___ Record extracts ___

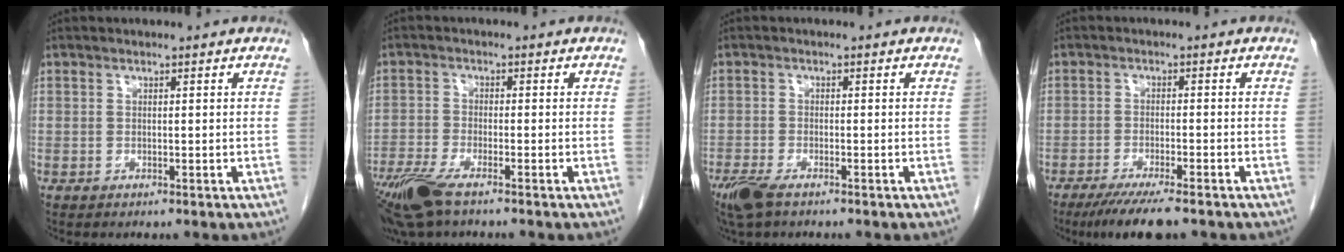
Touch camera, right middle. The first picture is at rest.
{"total": 8.0, "force": [-5.9, 1.4, 5.3], "torque": [-0.110, -0.018, -0.112]}
{"total": 4.9, "force": [-3.6, 1.3, 3.2], "torque": [-0.069, -0.012, -0.065]}
{"total": 7.9, "force": [-6.0, 0.8, 5.1], "torque": [-0.077, -0.017, -0.093]}
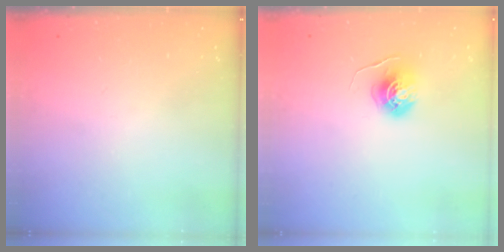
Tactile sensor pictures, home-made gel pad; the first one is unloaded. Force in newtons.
{"total": 5.5, "press": 5.5, "slide": 0.3}
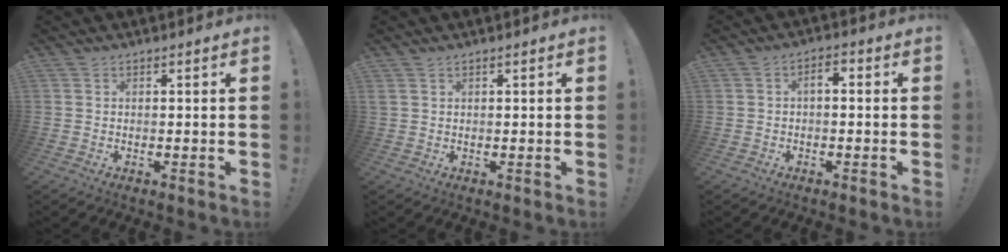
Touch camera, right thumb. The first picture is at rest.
{"total": 0.9, "force": [0.6, 0.1, 0.7], "torque": [-0.015, 0.001, 0.011]}
{"total": 2.7, "force": [-0.9, 1.3, 2.2], "torque": [-0.045, 0.013, -0.017]}
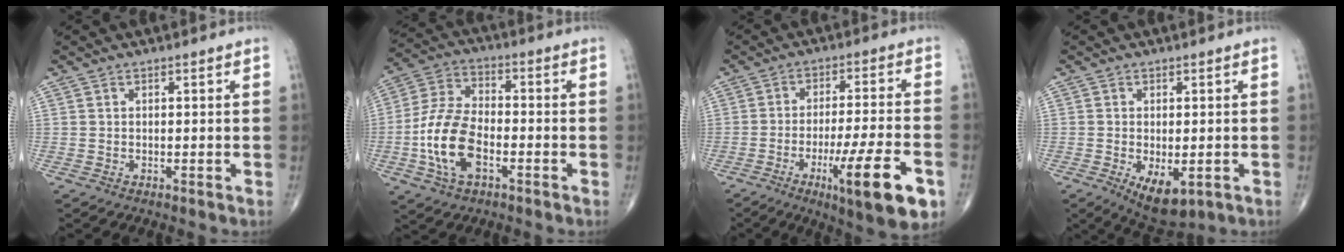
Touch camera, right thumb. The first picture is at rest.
{"total": 13.1, "force": [-3.9, 7.1, 10.2], "torque": [-0.210, 0.024, -0.077]}
{"total": 16.0, "force": [-6.9, 2.7, 14.2], "torque": [-0.221, 0.009, -0.099]}
{"total": 7.3, "force": [-2.3, 3.6, 5.8], "torque": [-0.088, -0.012, -0.025]}
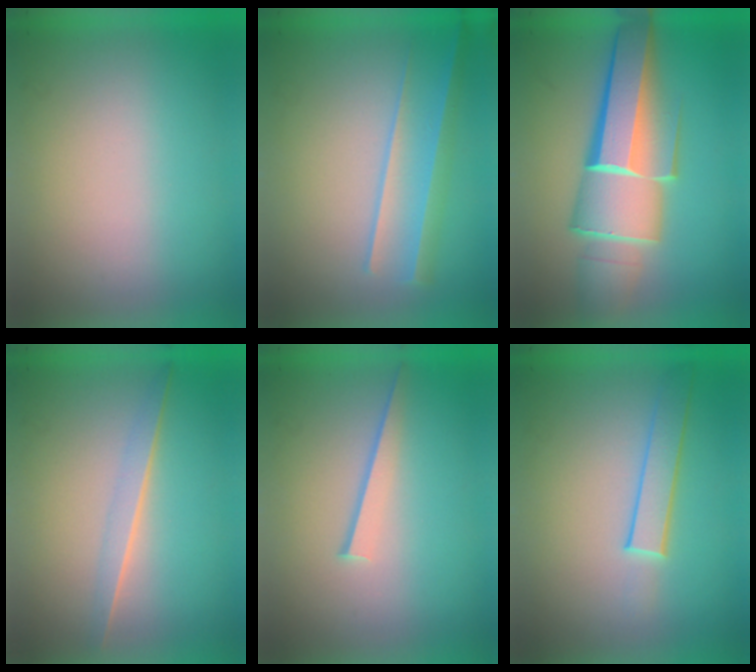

___

### Required action
In the entries above, find the line containing "Tactile sensor pictures, home-made"; transcribe exactly that line and every line after it through the end, and only those, omitting pictures.

### Answer for this exercise
Tactile sensor pictures, home-made gel pad; the first one is unloaded. Force in newtons.
{"total": 5.5, "press": 5.5, "slide": 0.3}
Touch camera, right thumb. The first picture is at rest.
{"total": 0.9, "force": [0.6, 0.1, 0.7], "torque": [-0.015, 0.001, 0.011]}
{"total": 2.7, "force": [-0.9, 1.3, 2.2], "torque": [-0.045, 0.013, -0.017]}
Touch camera, right thumb. The first picture is at rest.
{"total": 13.1, "force": [-3.9, 7.1, 10.2], "torque": [-0.210, 0.024, -0.077]}
{"total": 16.0, "force": [-6.9, 2.7, 14.2], "torque": [-0.221, 0.009, -0.099]}
{"total": 7.3, "force": [-2.3, 3.6, 5.8], "torque": [-0.088, -0.012, -0.025]}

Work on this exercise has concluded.